US Dept. of State Accused of Enabling Nigerian Islamist Group Boko Haram
A Nigerian human rights lawyer, Emmanuel Ogebe, has accused the U.S. Department of State of enabling Islamist militant group Boko Haram by mischaracterizing their actions in that country which have resulted in the death of more than 1,000 Christians and other civilians since 2012.
Ogebe, special counsel for Justice for Jos is engaged at the International Criminal Court on crimes against humanity in Nigeria and is lead author of the 2012 report by Jubilee Campaign and Justice for Jos Project.
He was also among a group of regional experts on Northern Nigeria and that country's Middle Belt who drew attention to the pre-genocide occurring in those areas at a Congressional briefing in Washington, D.C., last Thursday.
"Since last year we have seen a situation where the Department of State acted as ransom-demander for the Boko Haram terror group, first in refusing to designate them a terror group and secondly in claiming they are economically motivated and therefore more money should be provided to the Muslim Northern Nigeria," said Ogebe in a statement to The Christian Post.
"Sadly the latest human rights report has taken it a step further with the State Department essentially advocating the establishment of Islamic law courts in Nigeria, a demand no one else in Nigeria is making, except the jihadist terrorists themselves," explained Ogebe.

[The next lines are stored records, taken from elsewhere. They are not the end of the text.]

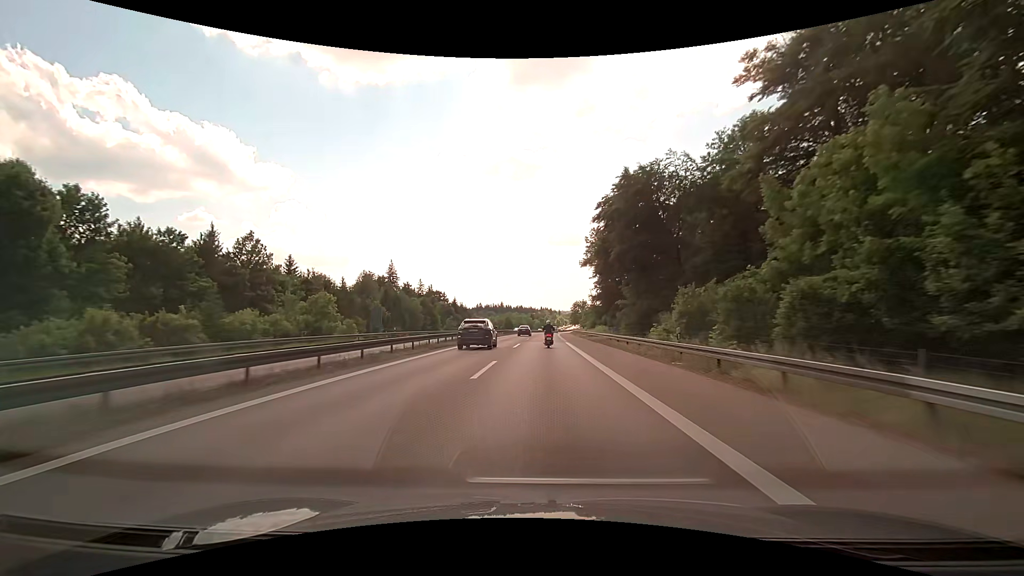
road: motorway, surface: asphalt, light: Day
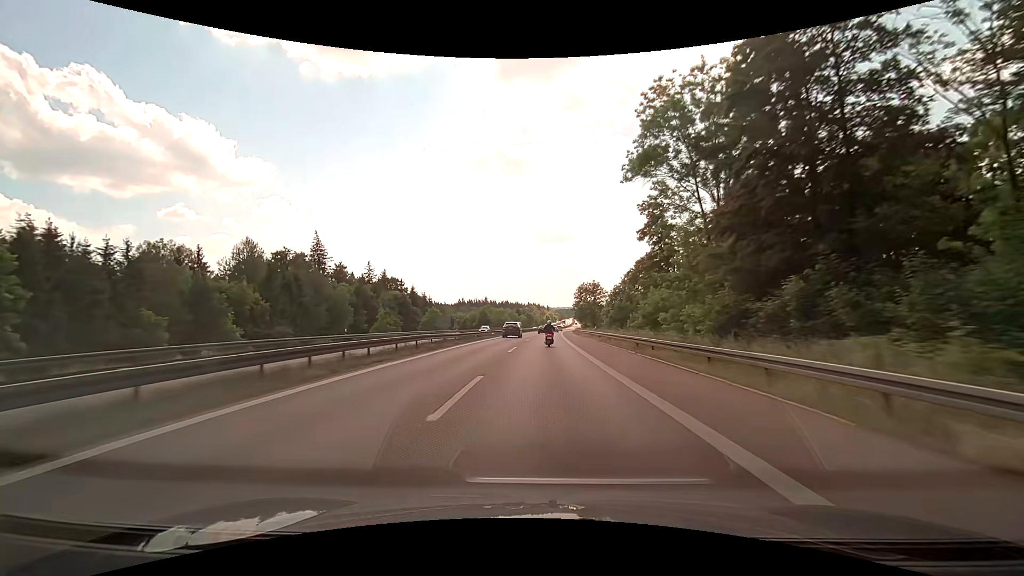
(+0.6, +59.3) m; +1°
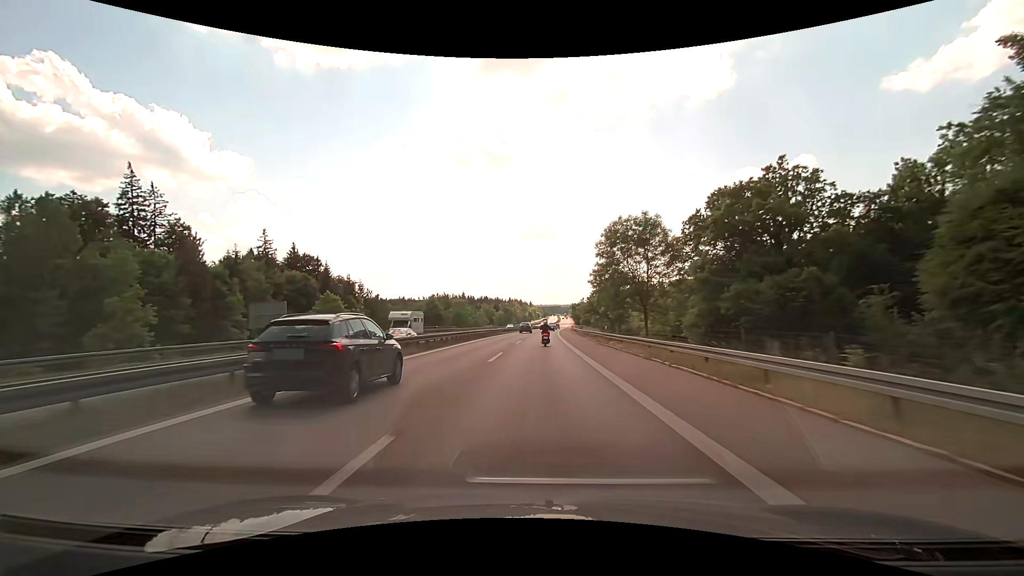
(+1.2, +60.7) m; +2°
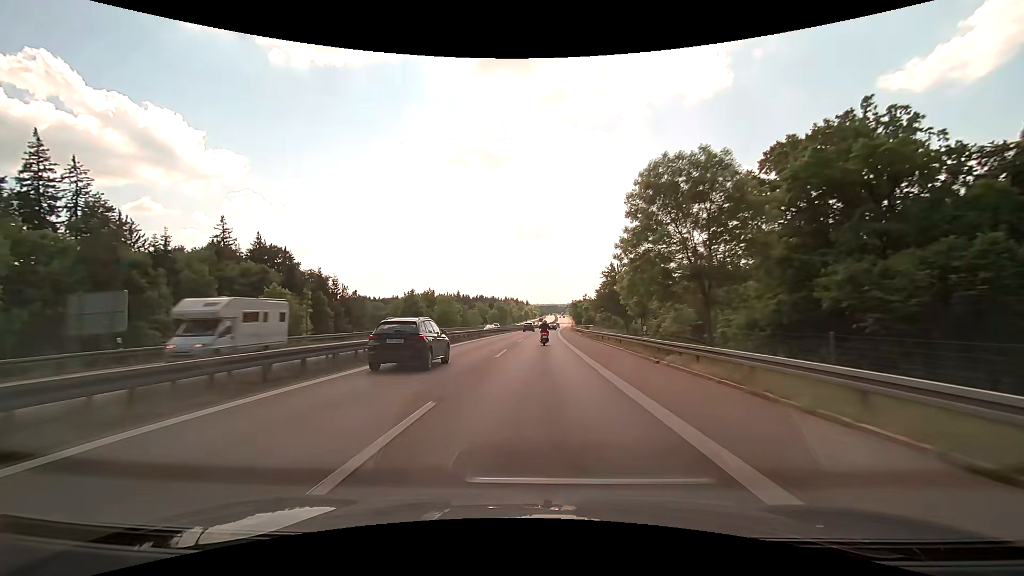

"One did not think it possible for the U.S. position to degenerate any further but there seems to be no depth that the State Department will not sink lower still to. Now they have gone from making ransom demands to making ideological demands consistent with the theology of Boko Haram," he added.
On Monday, CP contacted the Department of State for comment but was told the relevant spokesperson, Hilary Renner, was unavailable.
The Jubilee Campaign was also expected to send the Department of State their analysis its recently released country report on Nigeria.
In the analysis, organizations associated with the campaign raised particular concern about the State Department's new call for a Sharia appeals court.
"The message needs to be conveyed to U.S. policy makers and the Department of State that extremism in Nigeria should not be rewarded with amnesty, but that victims should be compensated and security restored," said Ann Buwalda, executive director of the Jubilee Campaign USA, who reported a large audience at Thursday's Congressional briefing.
At the briefing, the Honorable Tigwar Zainab Naazem, a female Muslim member of the Plateau State House of Assembly also described how Muslim settlers in Nigeria's Plateau state control Muslim institutions and how the Fulani herdsmen and Boko Haram are conducting killings in her state.
She explained that Muslim indigene constituents are discriminated against by Muslim settlers who have managed to convince the outside world that they are the ones facing discrimination.
She praised efforts by Christian Governor Jonah Jang whose actions, she said, have been helpful not just to Christians but her Muslim community as well.